Он любил записывать сны. Такой, например: он едет с отцом в трамвае по Берлину, повсюду шлагбаумы и пустота. Входят в подворотню и упираются в почти отвесную стену. Отец легко взбегает наверх, а он карабкается, то и дело соскальзывая, по измазанной нечистотами стене. Пока он взбирался, отец успел уже нанести визит какому-то профессору Лейдену и, выйдя из дома, восхищается достоинствами знаменитости. В огромном окне видна спина человека, и Кафка боится, что ему тоже придется идти туда, чтобы выразить свое почтение. Но спина — лишь секретарь профессора. Отец говорил только с ним, однако вынес полное впечатление о значительности патрона…
Чем сон этот принципиально отличается от кафковской истории о человеке, который отправился прогуляться в парк и заблудился в зарослях, так что даже здешний сторож не знает, как его оттуда вызволить? Или от другой истории — о человеке, который собирался с друзьями за город, но проспал, и когда они вошли в его комнату, то обнаружили, что между лопатками их приятеля торчит старый рыцарский меч, им не замеченный, и когда меч из раны вытащили, крови не было, а только осталось сухое отверстие? Последняя из историй даже фантастичнее сна; но сон Кафке привиделся, истории же сочинены им.
Тут и там все вершится по законам сновидения, или, иначе, по законам кафковской прозы (ибо сон — тоже как бы «новелла»). Нет ни истинного начала, ни истинного конца, нет мотивировки поступков. Потому что нет никакого прошлого и никакого будущего, а только «сейчас» и «здесь». И то, что происходит, происходит с какой-то незыблемой непременностью, не вызывая и тени сомнения даже не в естественности своей, а просто в своей действительности. У Кафки никто и ничему не удивляется: и когда в комнату вползает зеленый дракон, и когда коммивояжер Грегор Замза в одно прекрасное утро превращается в насекомое, и когда чиновники замка, которым К солгал, что он помощник якобы приглашенного ими землемера, тут же с ним соглашаются.
«Входит девушка, которую я знаю (мне кажется, ее зовут Франкель), она перелезает как раз на моем месте через ряд; когда она перелезает, видна ее спина, совершенно обнаженная, кожа не очень чистая, на правом бедре расчесанное до крови место величиной с кнопку дверного звонка» — это тоже из сна, записанного в дневнике 19 ноября 1911 года. В целом он абсурден; но этот отрывок — четок, точен, реален, если не натуралистичен. Будто увеличенный, замедленный кадр из немого кинофильма. Почти каждое произведение Кафки может быть разбито на подобные «кадры». Немыслимое, невозможное заключено в швах, в сочленениях. Суд и чердак, взятые порознь, — явления ничуть не фантастичные. Но стоит разместить канцелярии суда на чердаках, рядом с сохнущим бельем жильцов, — и они станут чем-то угрожающим, неистребимо кошмарным.

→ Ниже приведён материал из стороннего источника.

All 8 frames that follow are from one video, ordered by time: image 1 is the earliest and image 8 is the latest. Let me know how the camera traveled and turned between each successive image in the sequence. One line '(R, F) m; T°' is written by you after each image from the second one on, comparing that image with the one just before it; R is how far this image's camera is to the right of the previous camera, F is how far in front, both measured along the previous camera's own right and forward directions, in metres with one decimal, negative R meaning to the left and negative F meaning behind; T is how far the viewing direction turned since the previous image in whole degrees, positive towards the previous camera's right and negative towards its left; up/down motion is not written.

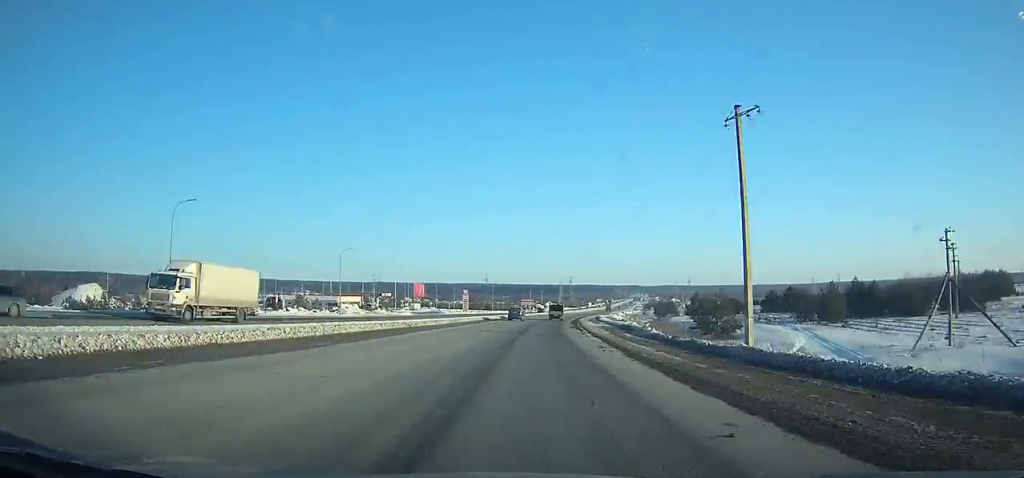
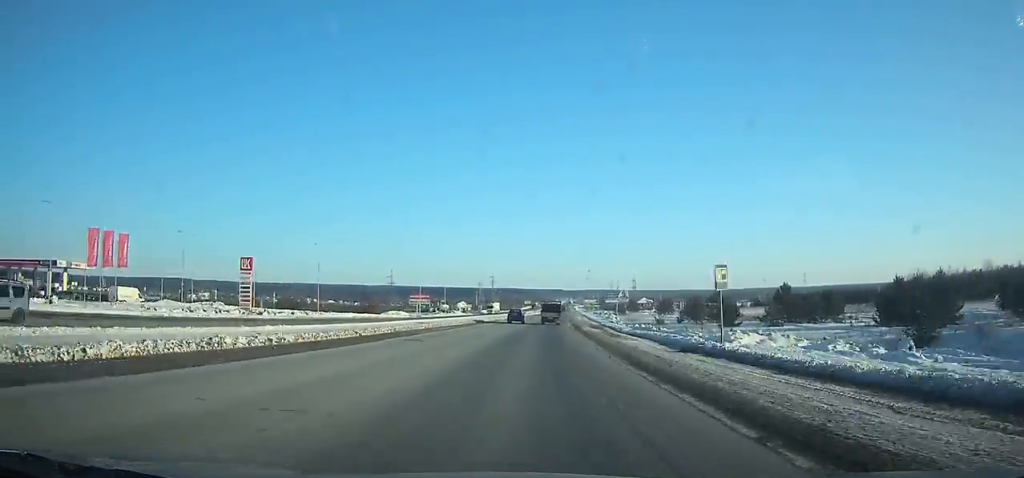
(+8.5, +124.2) m; +7°
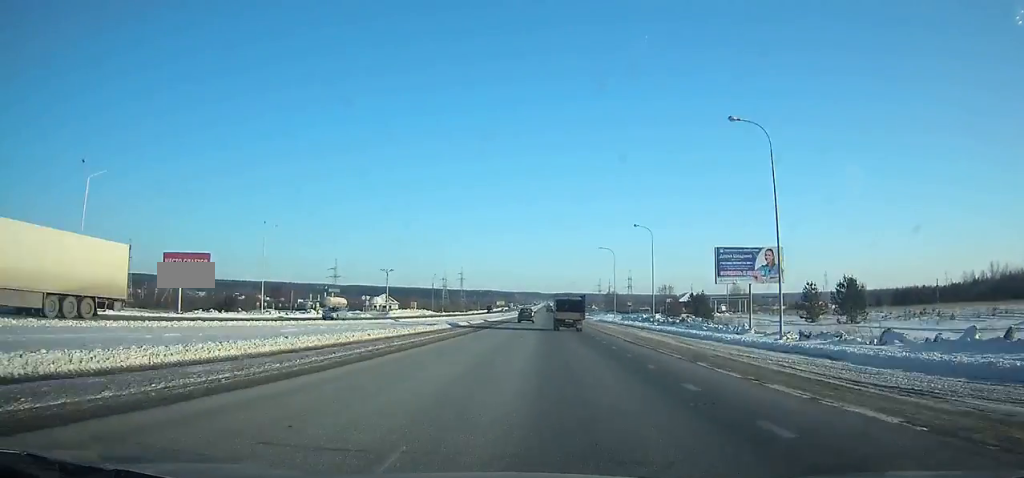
(+4.2, +110.4) m; +3°
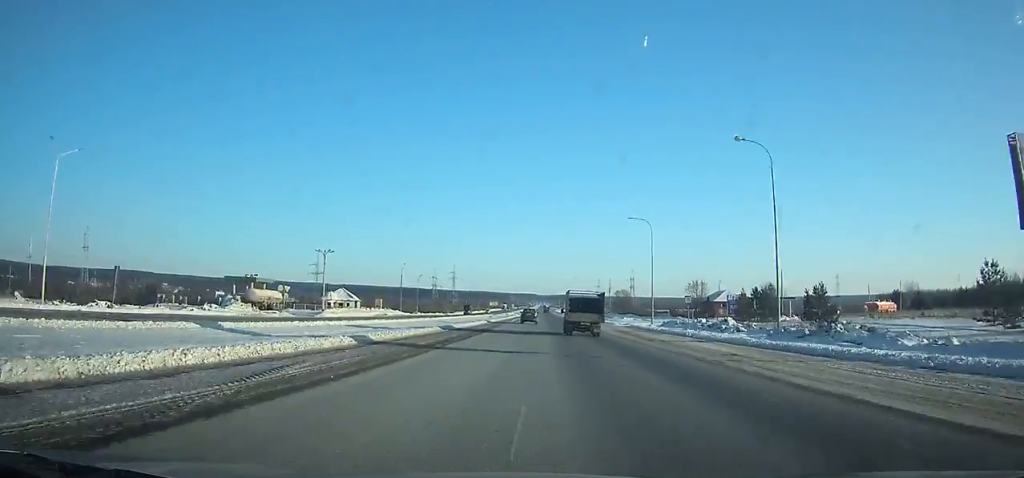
(0.0, +33.1) m; 0°
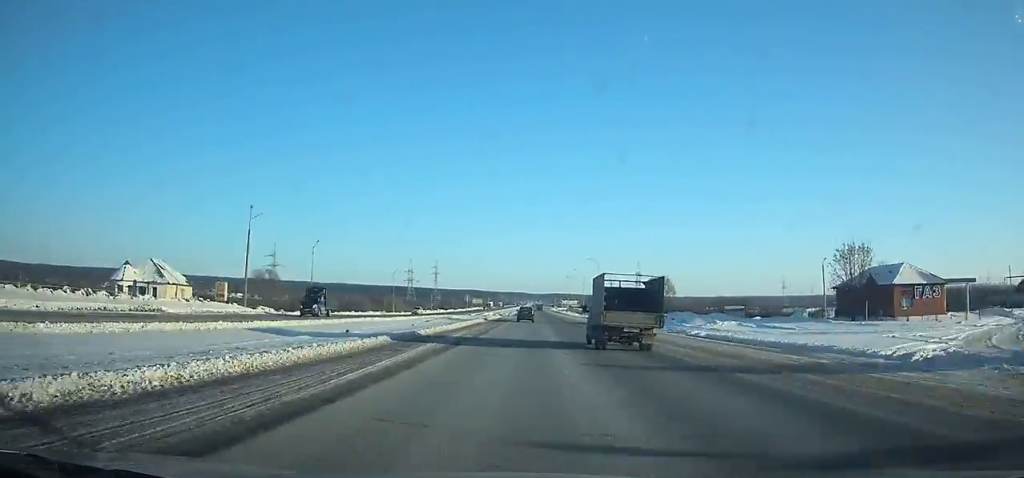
(+0.7, +63.7) m; +1°
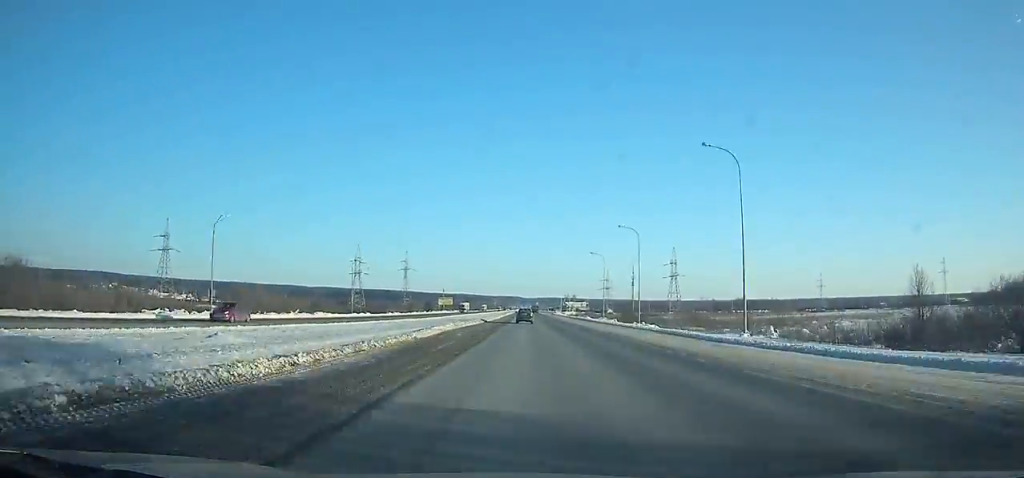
(+0.7, +121.8) m; +1°
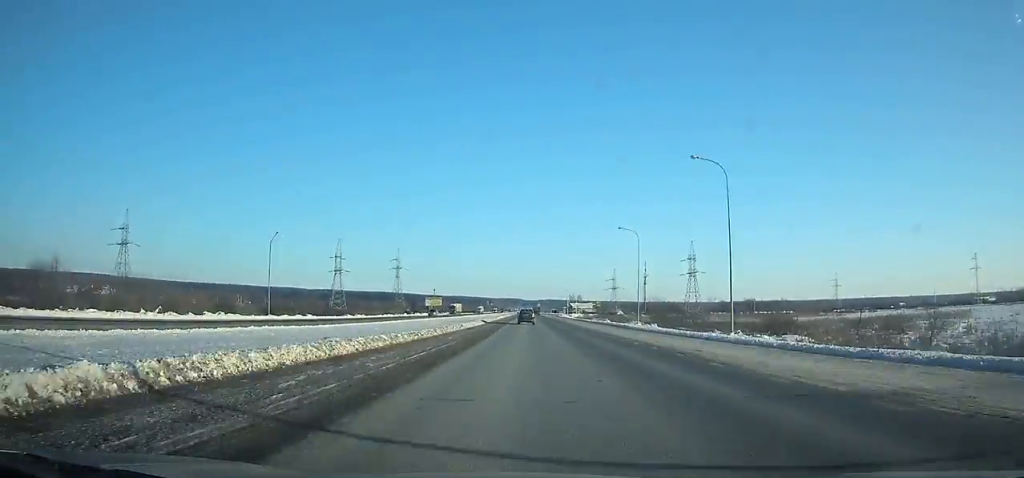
(-0.1, +33.2) m; 0°
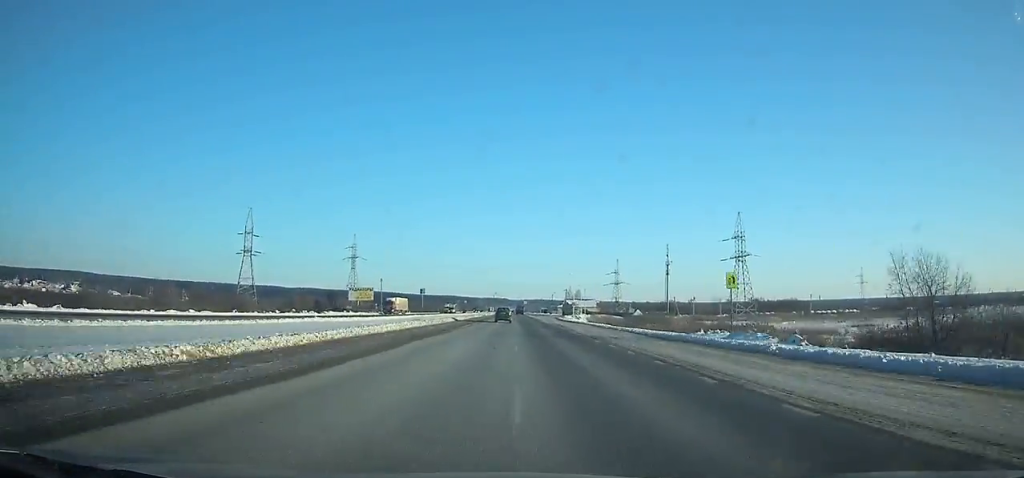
(+0.4, +77.1) m; 0°

«Для него, — вспоминала о Кафке Есенская, — жизнь являлась чем-то совершенно иным, чем для всех других людей; прежде всего для него деньги, биржа, бюро по обмену валюты, пишущая машинка — вещи абсолютно мистические (и они действительно таковы, только мы, другие, не видим этого), они для него удивительные загадки»[11].

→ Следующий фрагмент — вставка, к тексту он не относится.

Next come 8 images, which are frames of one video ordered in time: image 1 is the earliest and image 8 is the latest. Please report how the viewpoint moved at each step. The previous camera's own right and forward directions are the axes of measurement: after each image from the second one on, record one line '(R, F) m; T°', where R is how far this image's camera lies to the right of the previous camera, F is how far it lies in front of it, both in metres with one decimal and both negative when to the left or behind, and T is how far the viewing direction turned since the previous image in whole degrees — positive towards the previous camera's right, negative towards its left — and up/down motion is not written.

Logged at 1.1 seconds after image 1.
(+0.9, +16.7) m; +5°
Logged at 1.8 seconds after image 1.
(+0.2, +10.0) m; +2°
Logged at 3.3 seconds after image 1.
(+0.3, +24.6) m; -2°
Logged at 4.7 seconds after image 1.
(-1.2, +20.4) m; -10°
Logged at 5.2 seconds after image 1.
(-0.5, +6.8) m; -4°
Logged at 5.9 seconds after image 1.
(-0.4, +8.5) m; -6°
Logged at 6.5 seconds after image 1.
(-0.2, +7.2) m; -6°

Кафка — художник прежде всего импульсивный, пленник каких-то «ночных» экстазов. «Творчество, — признался он однажды в письме к Броду, — сладкая, чудесная награда, но за что? Этой ночью мне стало ясно… что это награда за служение дьяволу. Это нисхождение к темным силам, это высвобождение связанных в своем естественном состоянии духов, эти сомнительные объятия и все остальное, что оседает вниз и чего не видишь наверху, когда при солнечном свете пишешь свои истории. Может быть, существует и иное творчество — я знаю только это; ночью, когда страх не дает мне спать, я знаю только это. И дьявольское в нем я вижу очень ясно»[12].